CAN I BUY A FRANCHISE WITHOUT MONEY?
What are the possibilities that a person with little or no money can finance and buy a franchise business?
In most cases, it is the lack of initial capital, not only to buy the franchise but also to make it work, which is the disruption. Many franchises will seek to have a franchisee, “skin in the game,” which means that they are interested in the success or failure of the business and tend to go the extra mile when necessary. If it is very easy to leave without losing anything, a franchisee can do just that. Start-up costs and other fees can range from $ 10,000 to more than one million dollars, depending on the type of business you want to start.
Regardless of the level of the economic crisis that a country may face, new companies will continue to emerge anyway, and many of these new businesses will be franchises, as most new entrepreneurs are looking to take advantage of available franchise opportunities. Owning a business in the United States for some is considered the fulfillment of the American dream, and franchising is one of the fastest ways to achieve that dream.
However, any franchise may seem better than starting a business from scratch; you must take certain steps that will allow you to buy a franchise that will be worth your financial resources and your time, as not all franchises will succeed. However, a reassuring statistic for franchises is that the failure rate compared to new businesses is lower.
While buying a franchise is usually cheaper overall than starting a new business from scratch, and comes with lower risk, there are always unique ongoing costs that increase before you even open your doors to customers. Franchise fees, insurance premiums, inventory, equipment, commercial licenses, and royalty payments are just some of the costs associated with franchising. With the initial franchise fee alone costing tens of thousands of dollars, the average person cannot merely write a check or withdraw funds from their bank account.
The good news, however, is that there are financing options that help to ease the financial burden of owning a business.
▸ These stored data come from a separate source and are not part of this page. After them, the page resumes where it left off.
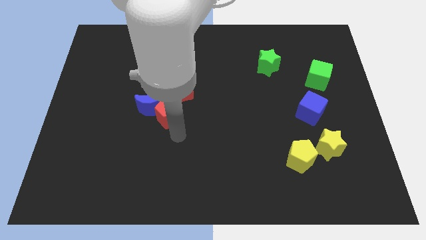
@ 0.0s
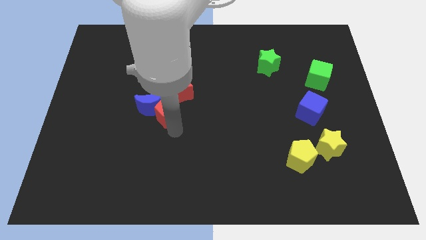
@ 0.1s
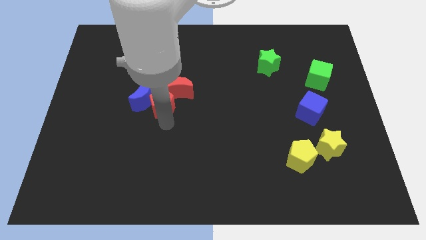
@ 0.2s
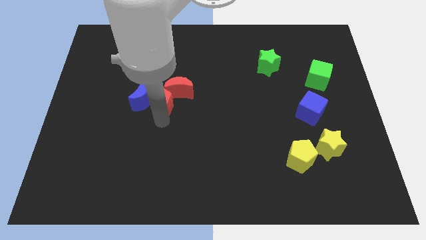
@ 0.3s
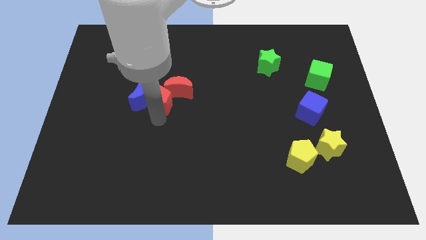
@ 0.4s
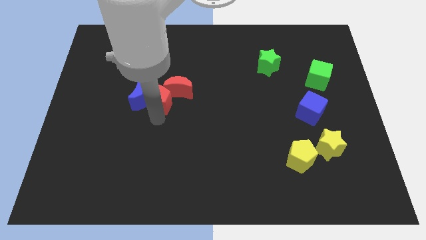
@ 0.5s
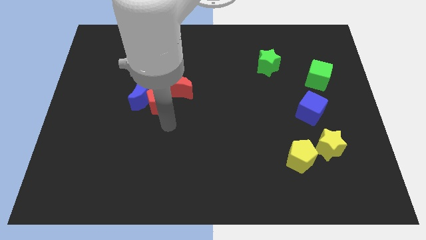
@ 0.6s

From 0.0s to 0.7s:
push red pentagon slightly upwards

Even better, many of these options have low-interest rates and favorable payment terms, so buying a franchise is more affordable. You can also use funds that you already have access to.
So, is it possible to buy a franchise company without money?
The fact that you have no money available does not mean that you should give up on becoming an entrepreneur. However, one thing to note when looking to buy a franchise without prepayment is that you need to do thorough research on the franchise you are considering to find out if it’s the right fit for you and how it would benefit you financially. Owning your own business is not a bad idea, but what prevents people from doing this is the lack of funding, as franchise opportunities require money to start and operate the business. Not using your money to buy a franchise business does not mean that it does not have its own money; it could only mean that their money is committed elsewhere, and therefore they need money from other sources to finance the franchise.
Before you can, however, buy a franchise with or without capital, you must have done a thorough investigation of the industry you intend to enter. Once you know which area is likely to generate passion in you, you will need to find out about the franchise features and how they are likely to align with your own goals and objectives. Be sure to use the services of a franchise consultant, such as the free consulting services offered by Let’s Franchise and later after you’ve found the right fit, a lawyer to help you draft and review contract documents that will ensure the proper structure of the transaction.
There are some scenarios in which you could probably buy a franchise without having to use your own money, but one of the criteria for achieving this goal is to ensure that you have drawn up a complete business plan that will convince those whose money you want to invest in your business. Below are some of the ways to buy a franchise business without having any of your own money.
#1 Leverage Your Retirement Account
This is the first option people usually use when it comes to buying a franchise with zero cash. It seems risky but it certainly works pretty well. The first thing to do is learn about your retirement accounts, the requirements and guidelines that help you stay in line and in compliance. Check here to learn more!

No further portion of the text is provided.